The teachers all knew.  The students missed the memo.  I walked around all day like a ghost, knowing Hannah's birthday was fucked forever.  Instead of eating lunch with my classmates, I left the cafeteria early and sought out the rabbits.  A country school with an agriculture program; we had rabbits.  I pet them, and felt like something really important had just happened inside of me.  I was numb, and I knew it wasn't entirely from the news I'd just seen happen.

I was incredibly pissed off at everybody my age that laughed and joked and didn't know or care that people had just died, that they were still dying, that right now fires were burning and bodies were charred and the Pentagon was broken.  I knew that people on planes wouldn't be going home to their children.  I knew that mothers or fathers waiting for their babies would have to wait forever.

And the only ones that seemed to care were my teachers.

I couldn't stand being around the students.  I couldn't stand their ambivalence, their nonchalance.  Mr. Ford, our middle school history teacher, had often said we were the most apathetic generation in world history.  I'd disagreed before:  we cared about a lot of things, they just weren't the same things our parents cared about.

On September 11th, I agreed with him.  People my age didn't give a fuck.

---

Mom wasn't working that day, or she'd come home early.  I don't remember which, but I know she was home when I got home from school.  The news was on.  Everywhere I'd gone all day the news had been on.  The adrenaline had worn off.  The news anchors had fixed their hair and makeup.  Their eyes were still bloodshot and hollow.  Now they were replaying everything, hypothesizing, repeating it over and over on every channel.

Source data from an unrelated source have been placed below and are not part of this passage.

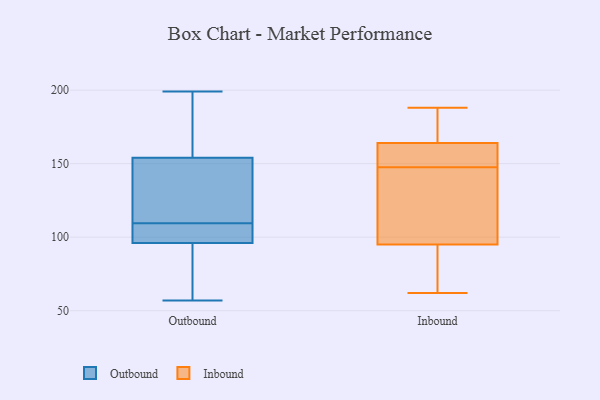
{"axis": {"x": "Budget (USD K)", "y": "Value"}, "legend": ["Inbound", "Outbound"], "data": [{"x": "", "y": 96, "type": "Outbound"}, {"x": "", "y": 101, "type": "Outbound"}, {"x": "", "y": 118, "type": "Outbound"}, {"x": "", "y": 59, "type": "Outbound"}, {"x": "", "y": 155, "type": "Outbound"}, {"x": "", "y": 199, "type": "Outbound"}, {"x": "", "y": 175, "type": "Outbound"}, {"x": "", "y": 57, "type": "Outbound"}, {"x": "", "y": 154, "type": "Outbound"}, {"x": "", "y": 97, "type": "Outbound"}, {"x": "", "y": 150, "type": "Outbound"}, {"x": "", "y": 145, "type": "Outbound"}, {"x": "", "y": 98, "type": "Outbound"}, {"x": "", "y": 84, "type": "Outbound"}, {"x": "", "y": 94, "type": "Inbound"}, {"x": "", "y": 95, "type": "Inbound"}, {"x": "", "y": 174, "type": "Inbound"}, {"x": "", "y": 62, "type": "Inbound"}, {"x": "", "y": 146, "type": "Inbound"}, {"x": "", "y": 164, "type": "Inbound"}, {"x": "", "y": 149, "type": "Inbound"}, {"x": "", "y": 188, "type": "Inbound"}, {"x": "", "y": 129, "type": "Inbound"}, {"x": "", "y": 160, "type": "Inbound"}]}
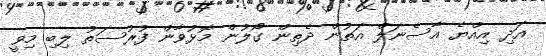
އަދި އިއްޔެ އާސެނަލް އަތުން ދެތިން ގޯލުން މޮޅުވާން ފުރުސަތު ލިބި މިވީ
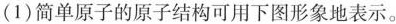
(1)简单原子的原子结构可用下图形象地表示。
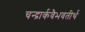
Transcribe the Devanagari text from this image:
चन्द्रार्कवैभवतीर्थ
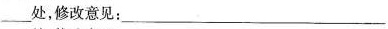
___处，修改意见：___
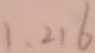
1 , 2 1 6
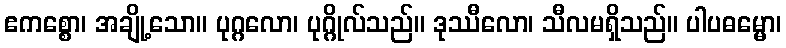
ဧကစ္စော၊ အချို့သော။ ပုဂ္ဂလော၊ ပုဂ္ဂိုလ်သည်။ ဒုဿီလော၊ သီလမရှိသည်။ ပါပဓမ္မော၊
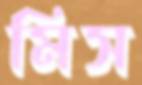
মিস
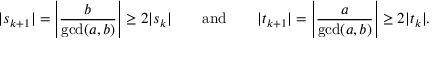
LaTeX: | s _ { k + 1 } | = \left| { \frac { b } { \operatorname* { g c d } ( a , b ) } } \right| \geq 2 | s _ { k } | \qquad { \mathrm { a n d } } \qquad | t _ { k + 1 } | = \left| { \frac { a } { \operatorname* { g c d } ( a , b ) } } \right| \geq 2 | t _ { k } | .
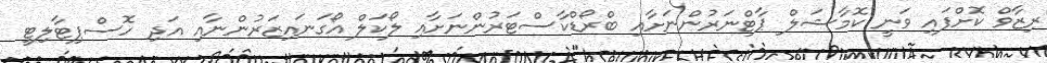
ރިޒާވް ކޮށްފައި ވަނީ ކޮމާޝަލް ޕާޓްނަރުންނަށާއި ބްރޯޑްކާސްޓަރުންނަށާއި ލޯކަލް އޯގަނައިޒަރުންނާއި އަދި ހޮސްޕިޓާލިޓީ

We went to the library in Oriskany Falls.  My public library where I'd taken out books my whole life, where I'd been part of after school programs, where I entered coloring contests and requested movies that were Rated R and had to get my mom's permission first.  They'd found a television.  The news was on.

My stomach was a hollow spot somewhere below my ribs.  I wasn't hungry.  Everybody spoke in hushed voices.  I was scared.  People kept saying, "nuclear weapons."

---

My father watches the news, and listens to the news, and watches the history channel, and the military channel.  He repeats himself, and watches the same programs.  The news was never off in following weeks.  Months.  And he's half deaf from years of power tools and engines and banging and shouting.  The news was on loudly.  I fell asleep every night to orange alerts and red alerts and the sounds of screaming and reporters replaying the events, hypothesizing the next place that would be attacked.

One program, I don't remember which, or precisely when it was, had the people who'd been called by the passengers on the plane that crashed in Pennsylvania.

A woman with a baby...  Her husband had called her.  Quietly.  So quietly.

He'd said there were men on the plane, they'd taken it over.  They were in the cockpit.  They were going to use the plane as a weapon.

The man told his wife he loved her.

He said, "We're going to do something."

That was the plane that crashed in a field, that killed only its passengers and no others.

I often fell asleep crying, wondering if I would ever be as brave as the passengers on that plane that embraced their deaths, that told their spouses they loved them and then ended their lives in an explosion in a lonely rural field.  Martyrs.

I suddenly understood what it meant to be a martyr.

My classmates had all forgotten, or didn't care.  Nobody talked about it, except the constant repetition of the news every night.

The magazines, the papers.  The adults all talked about it in hushed tones, but nobody my age.

I don't remember what Hannah did for her birthday.

I just remember constant fear as I fell asleep at night that I'd wake up to explosions and burning buildings, or that, maybe worse, I'd never wake up.